((

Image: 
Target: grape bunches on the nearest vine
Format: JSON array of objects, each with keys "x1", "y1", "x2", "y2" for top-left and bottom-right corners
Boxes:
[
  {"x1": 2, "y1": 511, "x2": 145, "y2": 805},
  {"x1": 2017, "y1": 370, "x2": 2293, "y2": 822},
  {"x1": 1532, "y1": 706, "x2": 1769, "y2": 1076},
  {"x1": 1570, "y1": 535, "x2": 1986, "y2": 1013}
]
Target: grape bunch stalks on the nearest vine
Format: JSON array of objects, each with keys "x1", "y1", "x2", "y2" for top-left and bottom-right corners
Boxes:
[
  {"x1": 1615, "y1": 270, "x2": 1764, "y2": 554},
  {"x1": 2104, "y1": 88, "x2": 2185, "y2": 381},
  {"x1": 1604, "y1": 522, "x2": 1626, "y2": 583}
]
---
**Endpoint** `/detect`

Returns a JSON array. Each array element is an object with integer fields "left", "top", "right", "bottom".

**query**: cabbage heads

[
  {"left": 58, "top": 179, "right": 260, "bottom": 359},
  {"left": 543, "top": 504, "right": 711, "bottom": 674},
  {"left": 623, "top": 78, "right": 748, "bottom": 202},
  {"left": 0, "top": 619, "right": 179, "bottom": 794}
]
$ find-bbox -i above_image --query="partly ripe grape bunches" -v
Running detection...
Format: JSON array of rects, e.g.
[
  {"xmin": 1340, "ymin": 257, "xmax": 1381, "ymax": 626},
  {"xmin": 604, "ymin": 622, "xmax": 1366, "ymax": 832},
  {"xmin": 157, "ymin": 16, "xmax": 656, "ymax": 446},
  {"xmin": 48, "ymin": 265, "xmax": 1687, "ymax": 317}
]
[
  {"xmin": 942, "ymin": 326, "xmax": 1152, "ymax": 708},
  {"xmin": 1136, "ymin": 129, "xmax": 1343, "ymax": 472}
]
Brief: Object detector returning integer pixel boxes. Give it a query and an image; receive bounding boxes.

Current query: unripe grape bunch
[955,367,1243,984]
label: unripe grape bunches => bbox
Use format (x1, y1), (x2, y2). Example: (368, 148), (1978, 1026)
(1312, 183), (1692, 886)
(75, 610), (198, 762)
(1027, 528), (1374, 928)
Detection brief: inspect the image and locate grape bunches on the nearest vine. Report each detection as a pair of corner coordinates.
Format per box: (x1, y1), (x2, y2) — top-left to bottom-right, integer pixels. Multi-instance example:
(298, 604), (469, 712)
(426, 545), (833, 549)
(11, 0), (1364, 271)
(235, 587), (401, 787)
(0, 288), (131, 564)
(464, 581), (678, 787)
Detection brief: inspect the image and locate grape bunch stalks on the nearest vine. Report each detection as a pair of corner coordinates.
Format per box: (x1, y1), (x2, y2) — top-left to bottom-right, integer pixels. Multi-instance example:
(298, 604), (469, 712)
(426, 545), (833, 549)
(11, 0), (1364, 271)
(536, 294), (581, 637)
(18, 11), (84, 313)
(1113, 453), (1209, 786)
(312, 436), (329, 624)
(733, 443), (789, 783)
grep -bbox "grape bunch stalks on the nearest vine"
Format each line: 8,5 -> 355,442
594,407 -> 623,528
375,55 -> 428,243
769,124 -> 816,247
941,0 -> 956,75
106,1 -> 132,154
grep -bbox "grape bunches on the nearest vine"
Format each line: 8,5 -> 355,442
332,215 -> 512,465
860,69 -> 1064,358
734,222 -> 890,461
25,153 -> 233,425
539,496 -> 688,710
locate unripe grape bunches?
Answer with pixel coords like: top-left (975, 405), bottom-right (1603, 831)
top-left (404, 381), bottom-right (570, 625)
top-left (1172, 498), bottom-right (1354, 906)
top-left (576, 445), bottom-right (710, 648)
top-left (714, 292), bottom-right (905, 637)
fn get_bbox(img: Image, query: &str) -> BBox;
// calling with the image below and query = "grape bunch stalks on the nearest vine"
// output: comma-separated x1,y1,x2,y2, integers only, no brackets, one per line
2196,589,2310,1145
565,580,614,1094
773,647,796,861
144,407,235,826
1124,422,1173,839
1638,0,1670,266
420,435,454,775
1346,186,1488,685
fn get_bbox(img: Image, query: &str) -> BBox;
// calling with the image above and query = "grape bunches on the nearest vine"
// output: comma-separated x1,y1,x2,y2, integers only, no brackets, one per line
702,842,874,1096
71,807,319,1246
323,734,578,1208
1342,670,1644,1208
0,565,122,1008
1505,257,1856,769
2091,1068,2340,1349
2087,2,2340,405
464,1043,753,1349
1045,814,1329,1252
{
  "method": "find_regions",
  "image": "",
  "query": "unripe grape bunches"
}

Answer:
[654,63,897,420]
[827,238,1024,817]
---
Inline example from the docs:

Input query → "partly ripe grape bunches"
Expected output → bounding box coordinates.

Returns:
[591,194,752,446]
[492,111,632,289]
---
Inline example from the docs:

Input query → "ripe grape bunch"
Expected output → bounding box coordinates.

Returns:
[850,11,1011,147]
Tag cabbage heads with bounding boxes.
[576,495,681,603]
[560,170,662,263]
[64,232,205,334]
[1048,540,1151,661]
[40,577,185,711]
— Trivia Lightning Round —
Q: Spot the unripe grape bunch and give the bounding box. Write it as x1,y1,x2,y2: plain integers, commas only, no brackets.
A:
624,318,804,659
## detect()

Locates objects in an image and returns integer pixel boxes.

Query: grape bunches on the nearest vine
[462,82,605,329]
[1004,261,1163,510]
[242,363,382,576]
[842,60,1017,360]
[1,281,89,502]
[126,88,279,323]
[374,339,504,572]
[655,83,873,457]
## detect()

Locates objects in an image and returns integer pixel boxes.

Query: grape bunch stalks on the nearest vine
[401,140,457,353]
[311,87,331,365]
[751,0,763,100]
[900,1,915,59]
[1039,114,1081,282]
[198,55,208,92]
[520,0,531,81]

))

* WHAT IS NEEDED
Output every line above without altering anything.

* ANSWER TO THIS PROBLEM
Image: 
Target: grape bunches on the nearest vine
Format: JSON array of objects, each with keys "x1", "y1", "x2", "y2" for top-left and bottom-right corners
Boxes:
[
  {"x1": 2, "y1": 511, "x2": 145, "y2": 805},
  {"x1": 2017, "y1": 370, "x2": 2293, "y2": 822},
  {"x1": 1532, "y1": 706, "x2": 1769, "y2": 1076},
  {"x1": 1570, "y1": 535, "x2": 1986, "y2": 1013}
]
Target: grape bunch stalks on the nearest vine
Format: JSON array of objects, each with keys "x1", "y1", "x2", "y2" for top-left and bottom-right corners
Boxes:
[
  {"x1": 1615, "y1": 270, "x2": 1764, "y2": 554},
  {"x1": 2104, "y1": 88, "x2": 2185, "y2": 381},
  {"x1": 1604, "y1": 522, "x2": 1626, "y2": 583}
]
---
**Endpoint** `/detect`

Returns a JSON array. Each array element is an object with integer fields "left", "top", "right", "bottom".

**query**: cabbage heads

[
  {"left": 58, "top": 179, "right": 260, "bottom": 359},
  {"left": 543, "top": 504, "right": 711, "bottom": 674},
  {"left": 623, "top": 78, "right": 748, "bottom": 202},
  {"left": 0, "top": 619, "right": 179, "bottom": 794}
]
$ find-bbox -i above_image --query="partly ripe grape bunches" -v
Running detection...
Format: JSON array of rects, e.g.
[
  {"xmin": 1340, "ymin": 257, "xmax": 1381, "ymax": 626},
  {"xmin": 604, "ymin": 622, "xmax": 1366, "ymax": 832},
  {"xmin": 157, "ymin": 16, "xmax": 656, "ymax": 446},
  {"xmin": 48, "ymin": 265, "xmax": 1687, "ymax": 317}
]
[
  {"xmin": 942, "ymin": 326, "xmax": 1152, "ymax": 708},
  {"xmin": 1136, "ymin": 129, "xmax": 1343, "ymax": 472}
]
Brief: Object detector returning integer pixel boxes. Give it a query and an image; receive bounding boxes.

Current query: unripe grape bunch
[955,367,1243,984]
label: unripe grape bunches => bbox
Use format (x1, y1), (x2, y2). Example: (368, 148), (1978, 1026)
(1312, 183), (1692, 886)
(75, 610), (198, 762)
(1027, 528), (1374, 928)
Detection brief: inspect the image and locate grape bunches on the nearest vine. Report each detection as a pair of corner coordinates.
Format per box: (x1, y1), (x2, y2) — top-left to bottom-right, integer pixels. Multi-instance example:
(298, 604), (469, 712)
(426, 545), (833, 549)
(11, 0), (1364, 271)
(235, 587), (401, 787)
(0, 288), (131, 564)
(464, 581), (678, 787)
Detection brief: inspect the image and locate grape bunch stalks on the nearest vine. Report each detection as a pair of corner coordinates.
Format per box: (x1, y1), (x2, y2) — top-left to bottom-right, integer pixels. Multi-instance example:
(298, 604), (469, 712)
(426, 545), (833, 549)
(11, 0), (1364, 271)
(536, 294), (581, 637)
(18, 11), (84, 313)
(1113, 453), (1209, 786)
(312, 436), (329, 624)
(733, 443), (789, 783)
grep -bbox "grape bunch stalks on the nearest vine"
Format each line: 8,5 -> 355,442
594,407 -> 623,528
375,55 -> 428,243
769,124 -> 816,247
941,0 -> 956,75
106,1 -> 132,154
grep -bbox "grape bunches on the nearest vine"
Format each line: 8,5 -> 355,442
332,215 -> 512,465
860,69 -> 1064,358
734,222 -> 890,461
25,153 -> 233,425
539,496 -> 688,710
locate unripe grape bunches?
Answer with pixel coords like: top-left (975, 405), bottom-right (1603, 831)
top-left (404, 381), bottom-right (570, 625)
top-left (1172, 498), bottom-right (1354, 906)
top-left (576, 445), bottom-right (710, 648)
top-left (714, 292), bottom-right (905, 637)
fn get_bbox(img: Image, query: &str) -> BBox;
// calling with the image below and query = "grape bunch stalks on the nearest vine"
// output: comma-separated x1,y1,x2,y2, integers only, no brackets, one per line
2196,589,2310,1145
565,580,614,1094
773,647,796,861
144,407,235,826
1124,422,1173,839
1638,0,1670,266
420,435,454,775
1346,186,1488,685
fn get_bbox(img: Image, query: &str) -> BBox;
// calling with the image above and query = "grape bunches on the nearest vine"
// output: comma-separated x1,y1,x2,y2, integers only, no brackets, one per line
702,842,874,1096
71,807,319,1246
323,734,578,1208
1342,670,1644,1208
0,565,122,1008
1505,257,1856,769
2091,1068,2340,1349
2087,2,2340,405
464,1043,753,1349
1045,814,1329,1252
{
  "method": "find_regions",
  "image": "",
  "query": "unripe grape bunches"
}

Answer:
[654,63,897,420]
[827,238,1024,817]
---
Inline example from the docs:

Input query → "partly ripe grape bunches"
Expected output → bounding box coordinates.

Returns:
[591,194,752,446]
[492,111,632,289]
---
Inline example from the docs:

Input query → "ripe grape bunch"
Expected output → bounding box coordinates.

Returns:
[850,11,1011,147]
Tag cabbage heads with bounding boxes.
[576,495,681,603]
[560,170,662,263]
[64,232,205,334]
[1048,540,1151,661]
[40,577,185,711]
— Trivia Lightning Round —
Q: Spot the unripe grape bunch and give the bounding box. Write it as x1,y1,x2,y2: plain integers, commas only, no brackets.
A:
624,318,804,659
## detect()

Locates objects in an image and returns integer pixel boxes.

Query: grape bunches on the nearest vine
[462,82,605,329]
[1004,261,1163,510]
[242,363,382,576]
[842,60,1017,360]
[1,281,89,502]
[126,88,279,323]
[374,339,504,572]
[655,83,873,457]
## detect()

Locates objects in an image and returns integer pixel boxes.

Query: grape bunch stalks on the nearest vine
[401,140,457,353]
[311,87,331,365]
[751,0,763,100]
[900,1,915,59]
[1039,114,1081,282]
[198,55,208,92]
[520,0,531,81]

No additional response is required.